Copy the records below in full, keeping each word as it is but omitting the pictures.

DATA FOR THIS TASK |
%%

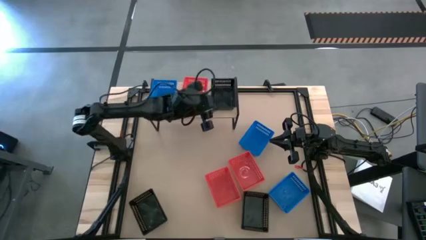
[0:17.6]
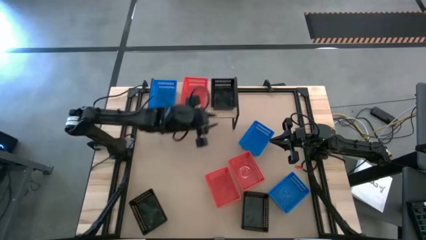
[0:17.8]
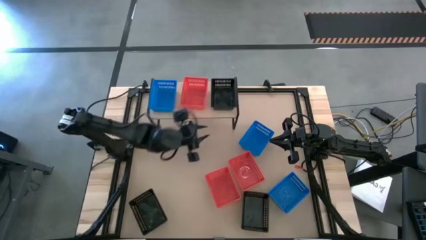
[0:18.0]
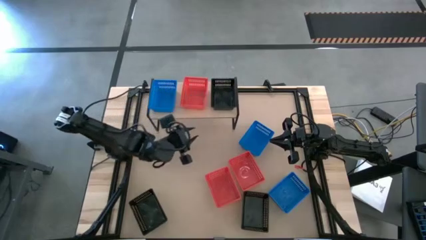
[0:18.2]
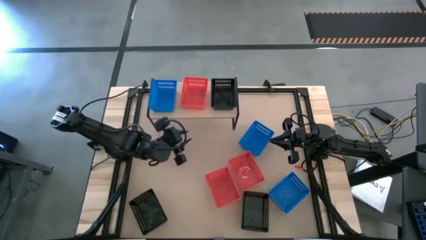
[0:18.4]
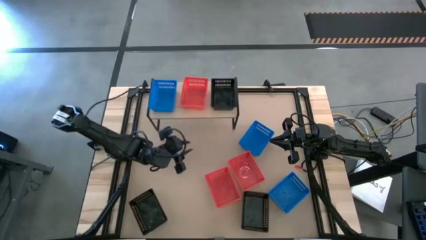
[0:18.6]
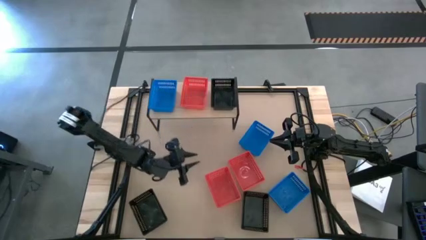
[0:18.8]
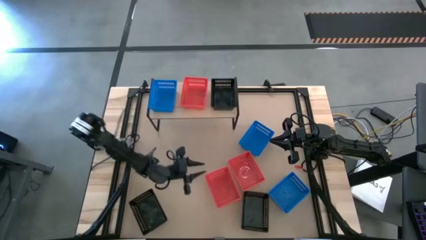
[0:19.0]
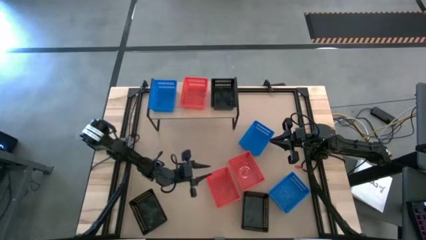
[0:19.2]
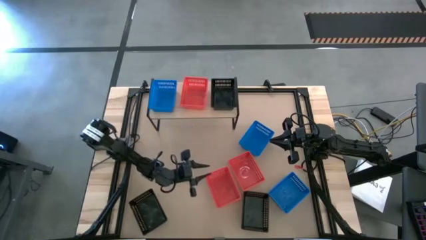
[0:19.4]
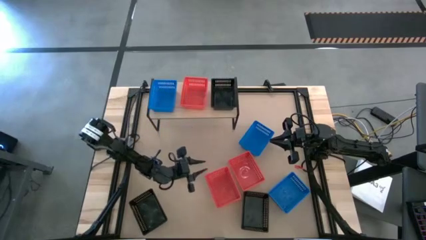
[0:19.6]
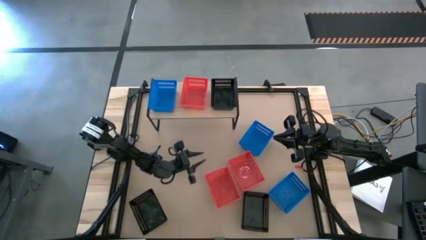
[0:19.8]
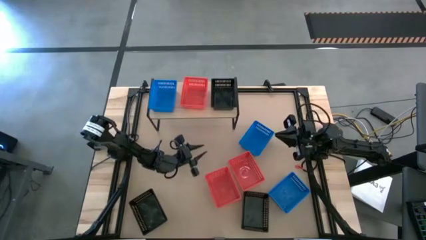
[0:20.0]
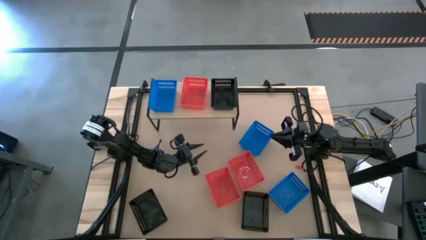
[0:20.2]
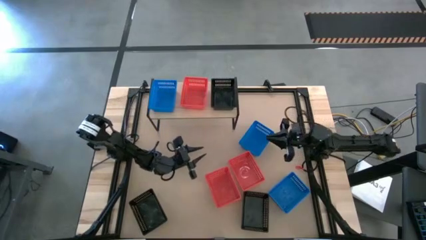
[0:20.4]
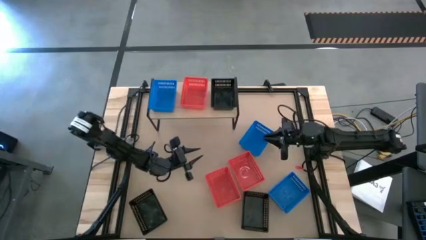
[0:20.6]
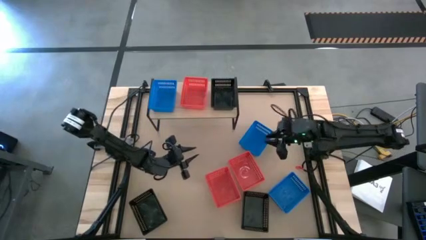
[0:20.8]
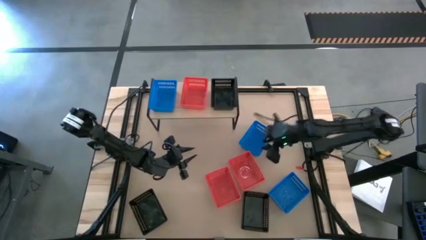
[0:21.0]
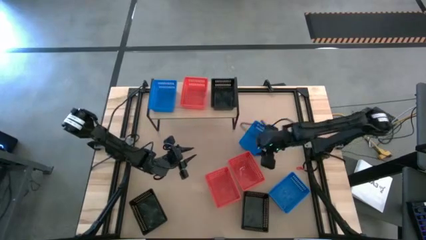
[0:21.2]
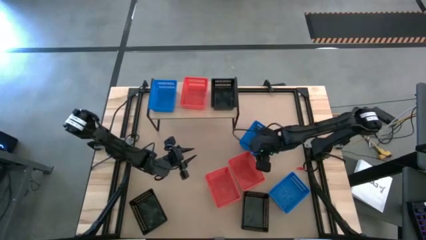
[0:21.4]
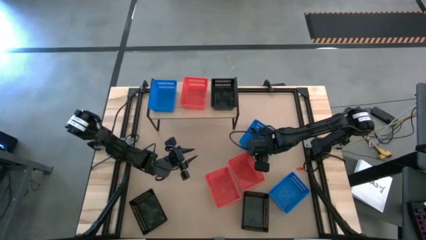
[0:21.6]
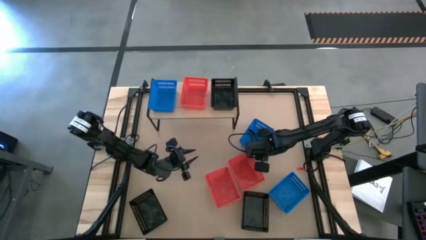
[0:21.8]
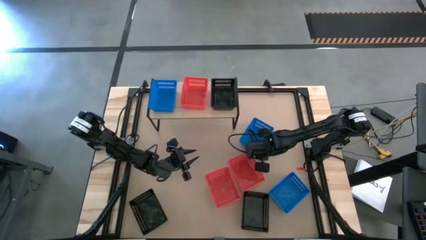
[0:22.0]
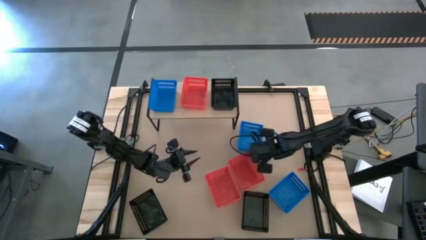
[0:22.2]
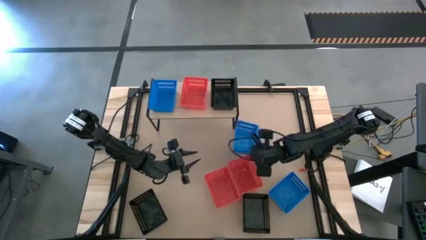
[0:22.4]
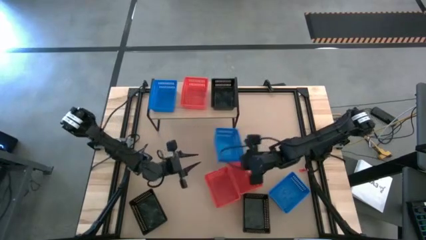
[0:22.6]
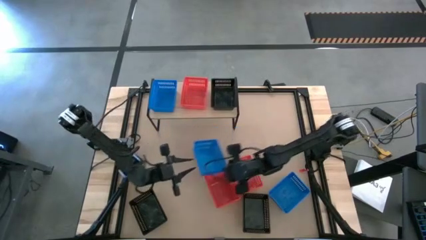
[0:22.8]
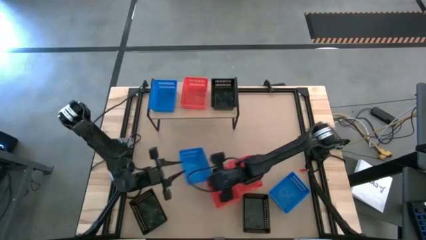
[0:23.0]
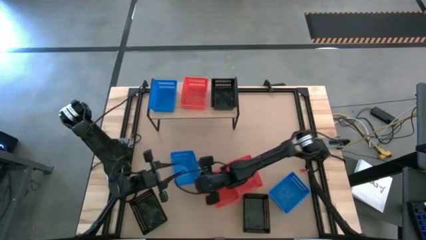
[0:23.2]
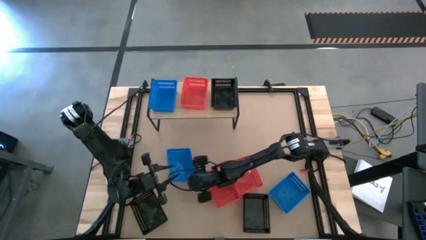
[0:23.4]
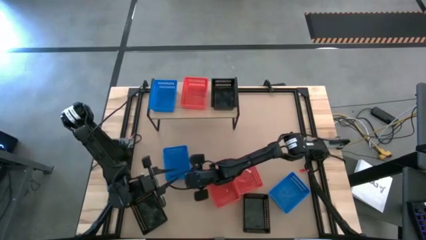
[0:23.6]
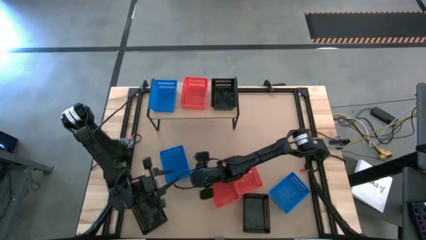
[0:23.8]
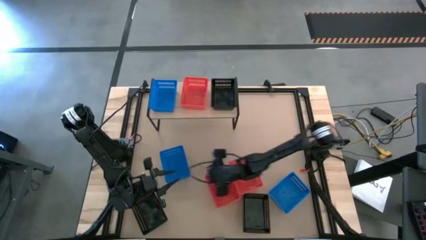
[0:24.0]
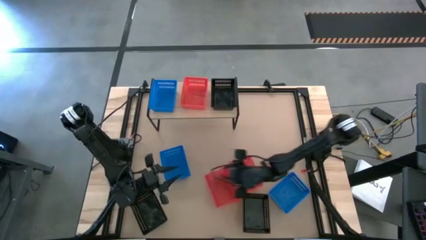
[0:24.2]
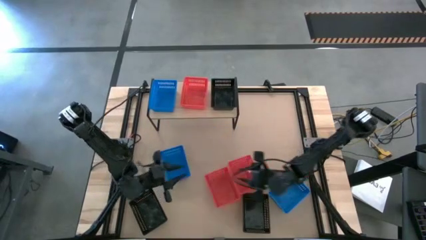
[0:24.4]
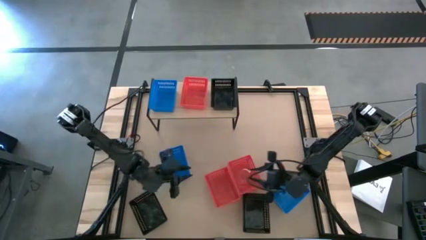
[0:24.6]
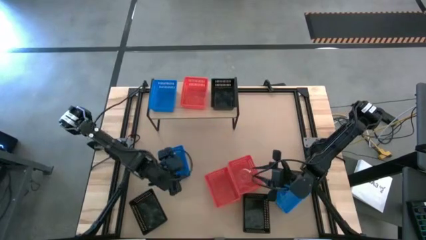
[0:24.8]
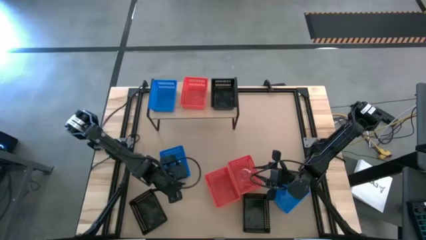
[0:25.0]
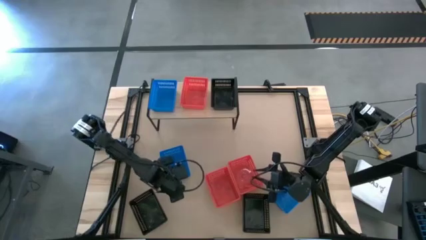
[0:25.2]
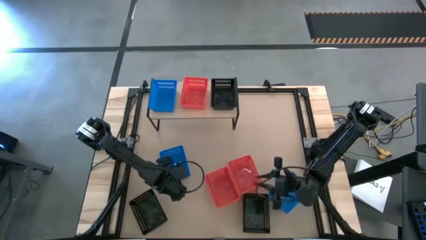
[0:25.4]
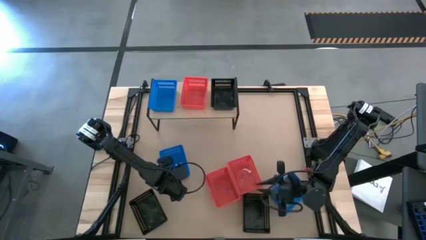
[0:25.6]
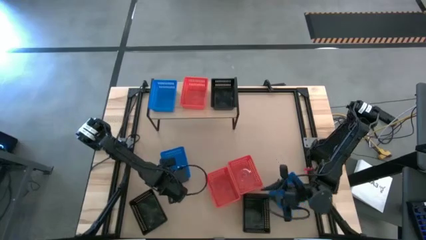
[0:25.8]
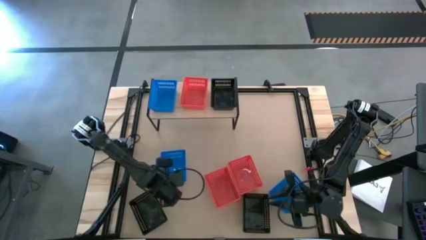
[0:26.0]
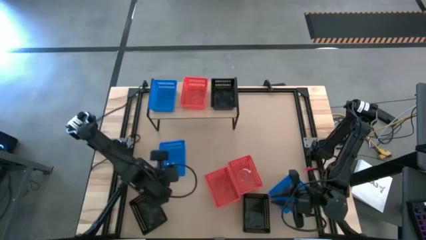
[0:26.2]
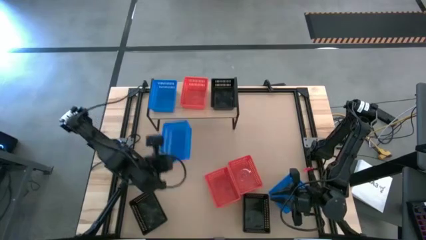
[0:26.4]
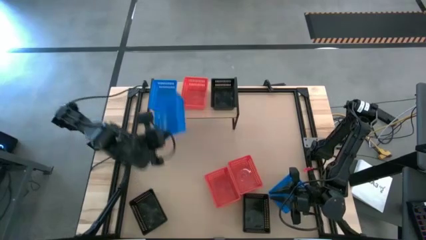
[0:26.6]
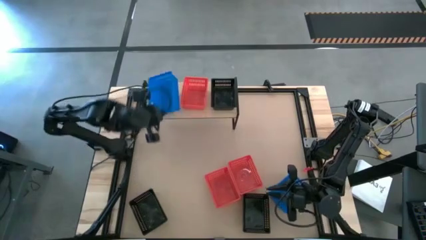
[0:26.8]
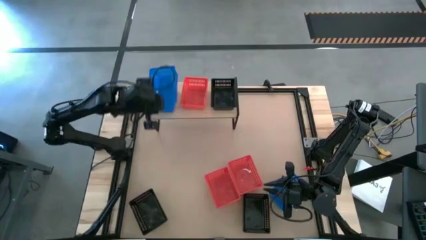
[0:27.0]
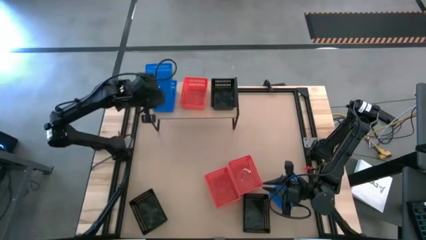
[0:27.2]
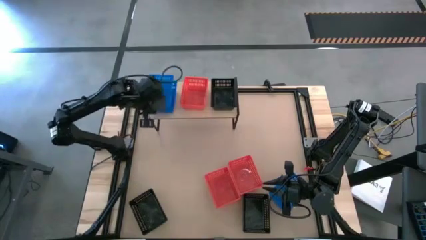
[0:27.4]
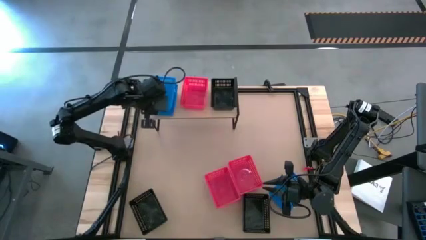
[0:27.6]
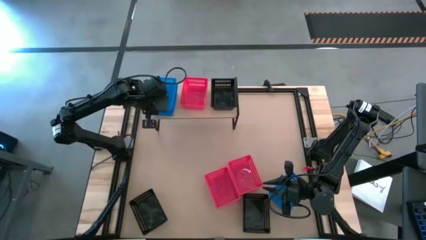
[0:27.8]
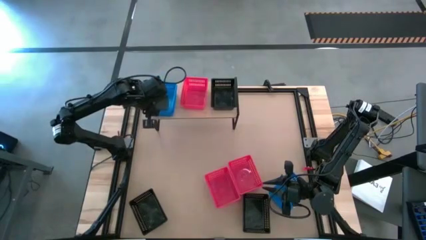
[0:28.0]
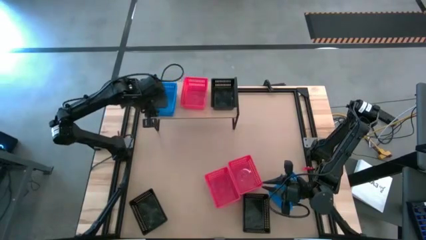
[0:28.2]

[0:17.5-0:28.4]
Task: Stack baskets on shelf by color
Stack the top blue bin on the blue bin on the shelf

%%

SOLUTION |
[0:17.6]
[0:17.8]
[0:18.0]
[0:18.2]
[0:18.4]
[0:18.6]
[0:18.8]
[0:19.0]
[0:19.2]
[0:19.4]
[0:19.6]
[0:19.8]
[0:20.0]
[0:20.2]
[0:20.4]
[0:20.6]
[0:20.8]
[0:21.0]
[0:21.2]
[0:21.4]
[0:21.6]
[0:21.8]
[0:22.0]
[0:22.2]
[0:22.4]
[0:22.6]
[0:22.8]
[0:23.0]
[0:23.2]
[0:23.4]
[0:23.6]
[0:23.8]
[0:24.0]
[0:24.2]
[0:24.4]
[0:24.6]
[0:24.8]
[0:25.0]
[0:25.2]
[0:25.4]
[0:25.6]
[0:25.8]
[0:26.0]
[0:26.2]
[0:26.4]
[0:26.6]
[0:26.8]
[0:27.0]
[0:27.2]
[0:27.4]
[0:27.6]
[0:27.8]
[0:28.0]
[0:28.2]

[0:17.5-0:28.4]
Task: Stack baskets on shelf by color
Stack the top blue bin on the blue bin on the shelf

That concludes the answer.